Question

For a particular reversible reaction at temperature $T, \,\Delta H$ and $\Delta S$ were found to be both $+ve$. If $T_{e}$ is the temperature at equilibrium, the reaction would be spontaneous when

• A. $T_e > T$
• B. $T > T_e$
• C. $T_e$ is $5$ times $T$
• D. $T = T_e$

Answer 1

Answer: (B)

$T > T_e$

Answer 2

For a particular reversible reaction at temperature $T , \Delta H$ and $\Delta S$ were found to be both +ve.
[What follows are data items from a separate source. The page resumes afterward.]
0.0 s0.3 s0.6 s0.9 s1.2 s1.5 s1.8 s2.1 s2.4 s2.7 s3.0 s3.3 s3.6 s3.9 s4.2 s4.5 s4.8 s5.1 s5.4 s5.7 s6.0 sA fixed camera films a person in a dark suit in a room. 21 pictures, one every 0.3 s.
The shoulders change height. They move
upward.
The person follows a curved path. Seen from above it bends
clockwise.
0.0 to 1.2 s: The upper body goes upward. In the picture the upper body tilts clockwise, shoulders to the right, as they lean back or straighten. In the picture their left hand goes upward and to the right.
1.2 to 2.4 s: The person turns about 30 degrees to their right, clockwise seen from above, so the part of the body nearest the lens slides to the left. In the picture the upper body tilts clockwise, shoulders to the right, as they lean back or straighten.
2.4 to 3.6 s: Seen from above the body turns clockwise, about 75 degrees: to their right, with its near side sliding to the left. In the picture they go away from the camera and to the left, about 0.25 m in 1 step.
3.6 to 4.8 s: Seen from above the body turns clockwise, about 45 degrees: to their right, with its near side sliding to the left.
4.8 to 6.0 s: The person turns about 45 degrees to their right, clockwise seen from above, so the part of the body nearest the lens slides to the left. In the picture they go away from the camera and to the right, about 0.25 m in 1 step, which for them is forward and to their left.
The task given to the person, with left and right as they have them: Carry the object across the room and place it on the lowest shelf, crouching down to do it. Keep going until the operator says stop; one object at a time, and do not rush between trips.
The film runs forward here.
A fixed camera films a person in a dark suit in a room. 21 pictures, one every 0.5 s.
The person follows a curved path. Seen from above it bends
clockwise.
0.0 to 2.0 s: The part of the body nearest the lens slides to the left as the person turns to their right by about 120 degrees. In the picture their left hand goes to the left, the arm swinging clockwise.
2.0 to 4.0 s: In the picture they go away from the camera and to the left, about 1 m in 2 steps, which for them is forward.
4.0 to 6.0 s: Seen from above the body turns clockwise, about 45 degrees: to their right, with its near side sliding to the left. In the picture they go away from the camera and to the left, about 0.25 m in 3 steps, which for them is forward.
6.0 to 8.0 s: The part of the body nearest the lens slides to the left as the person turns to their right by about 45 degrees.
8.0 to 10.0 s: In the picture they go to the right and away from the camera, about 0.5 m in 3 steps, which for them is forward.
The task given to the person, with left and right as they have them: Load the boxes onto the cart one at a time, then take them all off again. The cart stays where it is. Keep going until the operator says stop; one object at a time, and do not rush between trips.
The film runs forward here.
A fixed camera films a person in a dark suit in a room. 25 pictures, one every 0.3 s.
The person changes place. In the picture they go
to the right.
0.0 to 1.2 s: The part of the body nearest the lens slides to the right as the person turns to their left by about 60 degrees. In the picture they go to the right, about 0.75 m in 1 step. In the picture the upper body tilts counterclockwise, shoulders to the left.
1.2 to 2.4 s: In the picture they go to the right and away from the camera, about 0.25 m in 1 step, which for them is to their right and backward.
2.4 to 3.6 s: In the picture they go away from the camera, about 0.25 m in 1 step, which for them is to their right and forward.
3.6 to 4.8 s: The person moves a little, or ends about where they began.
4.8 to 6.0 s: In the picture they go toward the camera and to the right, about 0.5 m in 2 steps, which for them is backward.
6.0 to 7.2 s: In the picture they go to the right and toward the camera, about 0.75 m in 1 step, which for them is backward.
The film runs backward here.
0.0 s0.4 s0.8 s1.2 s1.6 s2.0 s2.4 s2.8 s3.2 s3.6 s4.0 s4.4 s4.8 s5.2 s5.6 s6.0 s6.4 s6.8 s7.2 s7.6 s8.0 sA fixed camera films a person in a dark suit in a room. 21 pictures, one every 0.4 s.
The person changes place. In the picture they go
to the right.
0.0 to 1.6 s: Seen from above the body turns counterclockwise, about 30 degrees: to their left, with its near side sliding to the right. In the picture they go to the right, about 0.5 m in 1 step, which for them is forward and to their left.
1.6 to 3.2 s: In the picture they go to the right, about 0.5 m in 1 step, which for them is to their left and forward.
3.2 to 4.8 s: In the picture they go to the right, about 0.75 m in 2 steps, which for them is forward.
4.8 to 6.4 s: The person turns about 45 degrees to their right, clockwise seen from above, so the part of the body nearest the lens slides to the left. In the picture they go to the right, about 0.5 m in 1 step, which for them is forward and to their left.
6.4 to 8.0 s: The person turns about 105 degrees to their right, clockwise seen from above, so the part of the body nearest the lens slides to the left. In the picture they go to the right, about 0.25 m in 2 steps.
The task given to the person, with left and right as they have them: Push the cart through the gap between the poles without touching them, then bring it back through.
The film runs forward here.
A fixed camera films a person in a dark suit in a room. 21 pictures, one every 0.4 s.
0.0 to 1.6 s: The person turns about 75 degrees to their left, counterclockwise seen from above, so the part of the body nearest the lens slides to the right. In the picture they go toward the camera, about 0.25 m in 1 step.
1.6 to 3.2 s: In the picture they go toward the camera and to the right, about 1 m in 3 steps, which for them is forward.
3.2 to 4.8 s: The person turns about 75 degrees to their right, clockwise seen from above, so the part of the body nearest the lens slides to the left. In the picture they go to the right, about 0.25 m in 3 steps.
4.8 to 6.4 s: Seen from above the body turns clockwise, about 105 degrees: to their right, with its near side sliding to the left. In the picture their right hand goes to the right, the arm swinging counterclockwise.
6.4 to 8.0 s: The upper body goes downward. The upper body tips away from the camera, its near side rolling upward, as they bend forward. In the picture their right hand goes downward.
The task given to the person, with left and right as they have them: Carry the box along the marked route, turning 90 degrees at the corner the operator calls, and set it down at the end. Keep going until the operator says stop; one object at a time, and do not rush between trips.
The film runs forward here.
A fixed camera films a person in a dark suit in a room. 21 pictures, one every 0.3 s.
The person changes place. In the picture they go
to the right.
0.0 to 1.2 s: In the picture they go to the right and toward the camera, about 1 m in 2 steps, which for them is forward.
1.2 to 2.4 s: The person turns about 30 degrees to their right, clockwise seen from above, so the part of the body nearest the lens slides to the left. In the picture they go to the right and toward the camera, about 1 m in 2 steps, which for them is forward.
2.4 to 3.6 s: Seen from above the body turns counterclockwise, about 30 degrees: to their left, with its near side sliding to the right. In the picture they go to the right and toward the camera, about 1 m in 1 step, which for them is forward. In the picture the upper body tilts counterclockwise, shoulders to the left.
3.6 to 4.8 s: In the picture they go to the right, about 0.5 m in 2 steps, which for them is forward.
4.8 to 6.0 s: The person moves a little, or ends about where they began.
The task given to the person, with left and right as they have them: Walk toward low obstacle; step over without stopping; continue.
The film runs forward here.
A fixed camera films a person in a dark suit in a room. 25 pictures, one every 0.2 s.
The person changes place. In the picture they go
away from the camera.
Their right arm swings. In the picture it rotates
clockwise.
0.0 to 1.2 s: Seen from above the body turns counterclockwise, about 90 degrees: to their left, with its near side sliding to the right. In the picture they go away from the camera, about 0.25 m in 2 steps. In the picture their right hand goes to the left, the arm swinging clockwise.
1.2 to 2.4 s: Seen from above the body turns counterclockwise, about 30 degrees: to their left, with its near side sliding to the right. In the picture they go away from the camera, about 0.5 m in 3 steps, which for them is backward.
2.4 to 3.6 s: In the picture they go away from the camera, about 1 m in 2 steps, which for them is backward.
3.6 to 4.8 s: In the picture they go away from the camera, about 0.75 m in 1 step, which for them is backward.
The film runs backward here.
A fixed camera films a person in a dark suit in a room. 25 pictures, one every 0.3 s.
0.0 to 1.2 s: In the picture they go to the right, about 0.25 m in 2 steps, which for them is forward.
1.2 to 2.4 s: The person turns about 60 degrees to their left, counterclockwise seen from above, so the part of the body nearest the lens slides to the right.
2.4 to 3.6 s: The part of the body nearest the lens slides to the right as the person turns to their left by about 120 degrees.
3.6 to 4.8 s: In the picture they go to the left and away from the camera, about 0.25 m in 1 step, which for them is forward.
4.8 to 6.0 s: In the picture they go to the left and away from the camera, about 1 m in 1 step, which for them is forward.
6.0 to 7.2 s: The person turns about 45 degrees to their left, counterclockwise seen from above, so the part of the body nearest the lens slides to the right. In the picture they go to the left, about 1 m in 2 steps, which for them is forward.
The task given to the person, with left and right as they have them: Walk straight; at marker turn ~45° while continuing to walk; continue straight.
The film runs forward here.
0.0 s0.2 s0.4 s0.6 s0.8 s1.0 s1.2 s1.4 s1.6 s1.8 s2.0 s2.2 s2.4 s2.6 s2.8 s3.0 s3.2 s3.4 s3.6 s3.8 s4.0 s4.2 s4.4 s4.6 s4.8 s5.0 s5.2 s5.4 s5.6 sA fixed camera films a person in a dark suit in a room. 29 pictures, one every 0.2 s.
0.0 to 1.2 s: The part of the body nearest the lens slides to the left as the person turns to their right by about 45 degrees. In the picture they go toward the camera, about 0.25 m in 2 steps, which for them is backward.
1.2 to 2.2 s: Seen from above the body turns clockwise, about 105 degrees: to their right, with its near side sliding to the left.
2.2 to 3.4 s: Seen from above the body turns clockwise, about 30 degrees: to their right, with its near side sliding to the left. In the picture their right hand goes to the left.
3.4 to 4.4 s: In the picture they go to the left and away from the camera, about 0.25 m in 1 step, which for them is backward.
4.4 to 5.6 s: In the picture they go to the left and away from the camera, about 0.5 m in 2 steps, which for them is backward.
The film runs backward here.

If $T _{ e }$ is the temperature at equilibrium, the reaction would be spontaneous when $T >$ $T _{ e }$ At equilibrium $\Delta G =0$ $\Delta G =\Delta H - T _{ e } \Delta S$ $0 = \Delta H - T _{ e } \Delta S$ $\therefore \Delta H = T _{ e } \Delta s$ or $T _{ e }=\frac{\Delta H }{\Delta S } \ldots(1)$ For a spontaneous reaction $\Delta$ G must be negative which is possible only if $\Delta H - T \Delta S <0$ $\therefore \Delta H < T \Delta S$ or $T >\frac{\Delta H }{\Delta S } \ldots \ldots(2)$ From (1) and (2) $T > T _{ e }$